Collaborative Research: Reconstructing the missing record of late Proterozoic tectonism along the western margin of Laurentia using deep-time thermochronology

Studies of sedimentary rocks provide geoscientists a record of Earth's history, including the appearance and evolution of life, the growth and demise of mountains, and how the climate has changed. However, natural processes driven by plate tectonics mean that this sedimentary record is inherently incomplete. At different times during Earth's history, some regions experienced sediment deposition, which buries and therefore heats up rocks, while other regions experienced erosion, which both removes portions of the rock record and cools off the rocks that persist by bringing them closer to Earth's surface. This study will use the geochemical signatures of rock heating and cooling that occurs during deposition and erosion to understand the geologic histories of areas where no sedimentary rocks remain. Specifically, the study will investigate the ancient record of supercontinent breakup, a process that drives changes in sea level, global climate, and topography. This project will provide support for three early-career researchers at different universities, including two women, and build new relationships among the collaborating research groups. Three graduate and nine undergraduate students from different universities will be engaged in collaborative, hypothesis-driven research and learn a range of field, laboratory, and science communication methods. The researchers will also collaborate with the Idaho Museum of Natural History to create a mobile museum exhibit that will highlight the ancient history of the charismatic mountain ranges in the study area and visit museums that serve rural communities in the Rocky Mountains.

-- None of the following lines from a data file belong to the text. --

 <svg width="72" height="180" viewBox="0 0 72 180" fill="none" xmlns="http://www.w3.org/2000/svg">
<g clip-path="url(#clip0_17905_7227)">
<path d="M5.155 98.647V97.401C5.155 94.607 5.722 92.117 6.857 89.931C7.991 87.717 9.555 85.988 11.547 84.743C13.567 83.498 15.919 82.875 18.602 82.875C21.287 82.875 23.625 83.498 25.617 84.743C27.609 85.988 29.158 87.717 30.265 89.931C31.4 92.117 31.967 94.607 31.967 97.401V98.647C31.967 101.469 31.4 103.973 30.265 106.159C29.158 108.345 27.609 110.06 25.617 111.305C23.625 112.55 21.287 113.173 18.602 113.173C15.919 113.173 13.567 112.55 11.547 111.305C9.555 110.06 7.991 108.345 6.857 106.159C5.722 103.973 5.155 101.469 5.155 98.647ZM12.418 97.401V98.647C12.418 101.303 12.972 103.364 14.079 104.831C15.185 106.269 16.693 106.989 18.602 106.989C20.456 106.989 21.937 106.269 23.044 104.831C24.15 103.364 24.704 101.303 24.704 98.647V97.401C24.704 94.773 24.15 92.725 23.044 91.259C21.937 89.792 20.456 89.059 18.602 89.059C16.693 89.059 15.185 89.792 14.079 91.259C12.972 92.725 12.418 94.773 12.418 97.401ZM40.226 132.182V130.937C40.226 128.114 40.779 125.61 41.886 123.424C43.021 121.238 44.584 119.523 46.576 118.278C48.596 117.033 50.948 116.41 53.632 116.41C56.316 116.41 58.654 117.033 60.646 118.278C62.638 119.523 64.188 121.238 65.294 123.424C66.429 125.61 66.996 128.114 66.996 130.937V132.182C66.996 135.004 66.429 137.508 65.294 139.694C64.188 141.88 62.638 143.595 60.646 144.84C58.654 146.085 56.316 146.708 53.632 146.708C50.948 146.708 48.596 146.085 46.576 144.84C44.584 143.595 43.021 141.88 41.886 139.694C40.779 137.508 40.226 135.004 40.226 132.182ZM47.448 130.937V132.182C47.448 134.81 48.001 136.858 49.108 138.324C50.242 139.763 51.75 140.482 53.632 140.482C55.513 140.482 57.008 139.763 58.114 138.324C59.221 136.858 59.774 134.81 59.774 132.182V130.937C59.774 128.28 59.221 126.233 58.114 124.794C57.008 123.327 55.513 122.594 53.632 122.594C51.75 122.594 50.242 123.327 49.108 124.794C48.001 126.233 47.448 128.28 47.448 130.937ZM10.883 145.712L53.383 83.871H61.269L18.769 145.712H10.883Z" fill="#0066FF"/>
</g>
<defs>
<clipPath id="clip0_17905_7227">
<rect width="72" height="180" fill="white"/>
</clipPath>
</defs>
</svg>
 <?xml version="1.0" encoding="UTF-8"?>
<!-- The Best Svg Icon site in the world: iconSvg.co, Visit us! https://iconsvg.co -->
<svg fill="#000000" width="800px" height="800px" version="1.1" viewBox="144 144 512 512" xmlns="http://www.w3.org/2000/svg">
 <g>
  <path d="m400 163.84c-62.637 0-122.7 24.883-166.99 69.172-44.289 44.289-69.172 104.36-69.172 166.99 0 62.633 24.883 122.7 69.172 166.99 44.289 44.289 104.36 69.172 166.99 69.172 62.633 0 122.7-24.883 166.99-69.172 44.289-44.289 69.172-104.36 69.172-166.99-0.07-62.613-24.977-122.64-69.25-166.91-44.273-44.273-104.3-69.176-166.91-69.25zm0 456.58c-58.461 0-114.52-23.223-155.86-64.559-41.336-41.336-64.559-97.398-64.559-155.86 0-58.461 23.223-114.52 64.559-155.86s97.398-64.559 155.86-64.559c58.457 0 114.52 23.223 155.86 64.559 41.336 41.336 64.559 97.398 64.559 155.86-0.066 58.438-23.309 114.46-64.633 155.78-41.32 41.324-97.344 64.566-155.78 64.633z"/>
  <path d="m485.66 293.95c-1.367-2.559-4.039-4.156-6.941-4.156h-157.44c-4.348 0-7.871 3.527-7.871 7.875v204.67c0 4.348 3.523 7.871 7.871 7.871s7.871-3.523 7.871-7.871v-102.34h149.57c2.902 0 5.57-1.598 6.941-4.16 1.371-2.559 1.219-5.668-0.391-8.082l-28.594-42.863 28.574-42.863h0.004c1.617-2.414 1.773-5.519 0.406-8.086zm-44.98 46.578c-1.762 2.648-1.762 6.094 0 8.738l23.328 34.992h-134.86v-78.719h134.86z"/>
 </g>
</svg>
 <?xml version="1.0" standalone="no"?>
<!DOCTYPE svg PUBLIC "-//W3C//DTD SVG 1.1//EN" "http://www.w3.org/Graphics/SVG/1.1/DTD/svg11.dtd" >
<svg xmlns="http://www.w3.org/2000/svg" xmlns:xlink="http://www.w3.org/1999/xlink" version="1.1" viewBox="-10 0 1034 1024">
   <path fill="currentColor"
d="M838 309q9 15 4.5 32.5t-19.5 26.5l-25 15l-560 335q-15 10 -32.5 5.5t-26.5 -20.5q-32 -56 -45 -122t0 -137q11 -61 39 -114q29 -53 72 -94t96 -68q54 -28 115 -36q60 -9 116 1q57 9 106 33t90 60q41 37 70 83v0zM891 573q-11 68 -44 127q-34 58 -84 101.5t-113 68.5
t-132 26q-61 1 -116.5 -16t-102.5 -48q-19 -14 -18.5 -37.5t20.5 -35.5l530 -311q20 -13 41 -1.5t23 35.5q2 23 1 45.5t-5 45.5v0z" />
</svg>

Unconformities, which are abundant in the rock record, are traditionally viewed as unfillable gaps in the rock record of Earth's history. However, the thermal imprint of sedimentary cover on the basement rocks that underlie many unconformities provides a rich archive of the otherwise inaccessible parts of a continent's tectonic history. This record is now accessible due to recent conceptual and analytical advances in low-temperature thermochronology. The primary objective of this study is to contribute to these advances by targeting a critical gap in knowledge about Laurentian tectonics, the breakup of supercontinent Rodinia, while establishing an approach to deep-time thermochronology that can document Precambrian tectonic activity in regions that also experienced significant Phanerozoic mountain building. This study will sample along a 700-kilometer-long segment of western Laurentia's rifted margin, targeting basement rocks directly below the Great Unconformity and using four chronometers to produce holistic tectonothermal histories to fill a billion-year gap in the rock record. This study will demonstrate how deep time thermochronology can provide a new perspective on the geometry and tectonic evolution of western Laurentia's rifted margin, where much or all of the sedimentary record of Neoproterozoic tectonism is missing. This capability will be tested by (1) establishing a clear link between extant Neoproterozoic sedimentary rocks and Neoproterozoic tectonothermal events in the Uinta Mountains, (2) documenting the Proterozoic thermal histories of basement blocks with no overlying Neoproterozoic strata in the Teton Range and southwestern Montana, and (3) quantifying intra-mountain range variability of Proterozoic thermal histories to evaluate the sampling spatial resolution necessary for extracting meaningful tectonic information from the deep-time thermochronologic record.

This award reflects NSF's statutory mission and has been deemed worthy of support through evaluation using the Foundation's intellectual merit and broader impacts review criteria.